(Ottawa) La Fédération des communautés francophones et acadienne (FCFA) demande aux députés libéraux récalcitrants de se rallier au projet de loi C-13 pour moderniser la Loi sur les langues officielles. Une dizaine d’élus québécois sont prêts à voter contre même s’il s’agit d’une promesse électorale parce qu’ils estiment que les amendements adoptés par les partis de l’opposition dénaturent le texte législatif.

« On continue d’appeler à l’unité de tous les parlementaires pour que ça passe parce que pour nous il n’est pas question que ce projet de loi ne passe pas. Ça serait vraiment catastrophique pour l’avenir du français qui est déjà en déclin », a réagi la présidente de la FCFA, Liane Roy, en entrevue.

La référence à la Charte de la langue française dans le projet de loi C-13 irrite des députés libéraux du Québec qui y voient une atteinte aux droits de la minorité anglophone du Québec. Elle était déjà mentionnée dans le préambule, mais durant l’étude du texte législatif en comité parlementaire, le Bloc québécois a présenté un amendement pour l’ajouter dans un article afin de reconnaître que « le français est en situation minoritaire au Canada et en Amérique du Nord en raison de l’usage prédominant de l’anglais et que la Charte de la langue française du Québec vise à protéger, à renforcer et à promouvoir cette langue ».

Le député libéral Anthony Housefather a tenté de faire adopter un autre amendement au début du mois pour éliminer toute référence à cette loi québécoise, sans succès. Il estime qu’elle bafoue les droits de la minorité anglophone du Québec. Il a déjà signifié son intention de voter contre C-13 dans sa mouture actuelle à l’instar du ministre Marc Miller et de la députée Emmanuella Lambropoulos, même si le gouvernement Trudeau maintient qu’il doit déployer plus d’efforts pour protéger le français au Québec et dans l’ensemble du pays.
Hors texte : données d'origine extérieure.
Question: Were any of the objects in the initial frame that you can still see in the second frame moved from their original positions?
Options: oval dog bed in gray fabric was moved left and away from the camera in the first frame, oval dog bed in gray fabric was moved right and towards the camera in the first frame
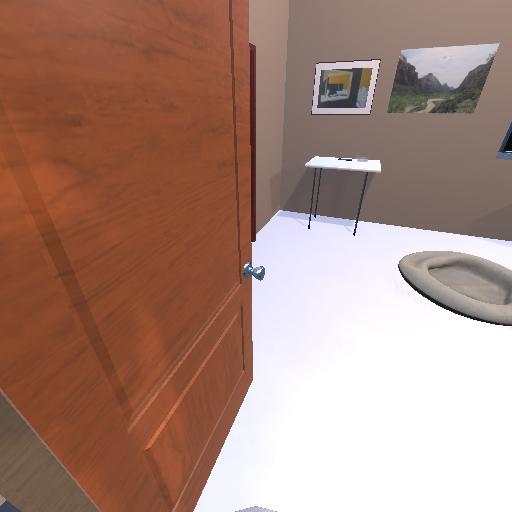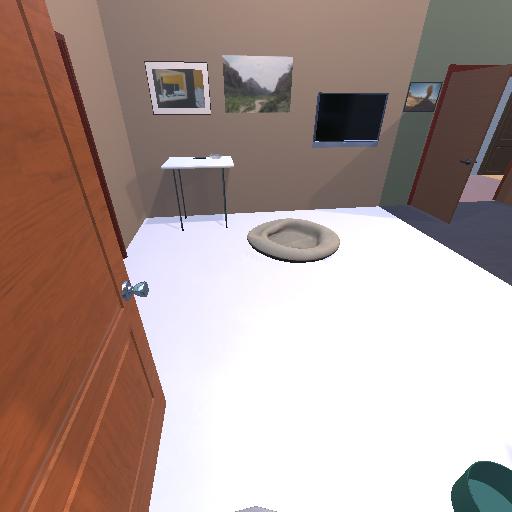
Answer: oval dog bed in gray fabric was moved left and away from the camera in the first frame

Il faut que ce projet de loi passe parce que si on retourne en arrière, nous ça fait six ans qu’on travaille là-dessus, qu’on pousse, qu’on recommande, qu’on y consacre énormément d’efforts.

Liane Roy, présidente de la FCFA

La FCFA se retrouve en quelque sorte coincée entre l’arbre et l’écorce. Elle hésite à se prononcer sur l’inclusion de la Charte de la langue française du Québec dans le projet de loi fédéral sur les langues officielles.

« Pour nous, le projet de loi garantit toujours l’égalité réelle des deux minorités de langues officielles, soit les francophones à l’extérieur du Québec et les anglophones au Québec, fait-elle valoir. La seule différence, c’est que le projet de loi énonce qu’il faut des mesures spécifiques à chaque communauté pour atteindre cette égalité-là. »

La FCFA craignait tout de même un ressac envers la francophonie après l’adoption par l’Assemblée nationale en 2022 de la réforme de la Charte de la langue française (loi 96), qui en fait la langue officielle et commune du Québec. L’organisme s’était dit préoccupé par le recours croissant à la disposition de dérogation.

Plusieurs libéraux estiment qu’une province anglophone pourrait à son tour recourir à la « clause dérogatoire » pour imposer l’anglais dans les institutions fédérales sur son territoire, ce qui nuirait aux minorités francophones et acadienne.

Mélanie Joly s’abstient

Appelée à commenter la fronde des députés montréalais jeudi, la ministre Mélanie Joly s’est gardée de les critiquer. Celle qui a été l’architecte du projet de loi sur les langues officielles a rappelé que les minorités linguistiques jouissent de protections constitutionnelles.

« On l’a dit dans le discours du Trône de 2019, le français est une langue minoritaire qui est une langue que l’on doit protéger, et je vais toujours être là comme une alliée des francophones qui veulent défendre leur langue », a-t-elle plaidé par visioconférence de Cracovie, en Pologne, jeudi.

« En même temps, le Canada a un système d’obligations constitutionnelles en matière de langues officielles, et on doit être capable de respecter les minorités linguistiques », a ajouté l’ancienne ministre des Langues officielles, qui avait démarré le chantier de la modernisation de la Loi sur les langues officielles.

Elle n’a pas voulu qualifier les propos tenus en comité par ses collègues de l’île de Montréal, dont le député franco-ontarien Francis Drouin avait dénoncé la semaine dernière le « show de boucane honteux » risquant de faire dérailler le cheminement du projet de loi C-13.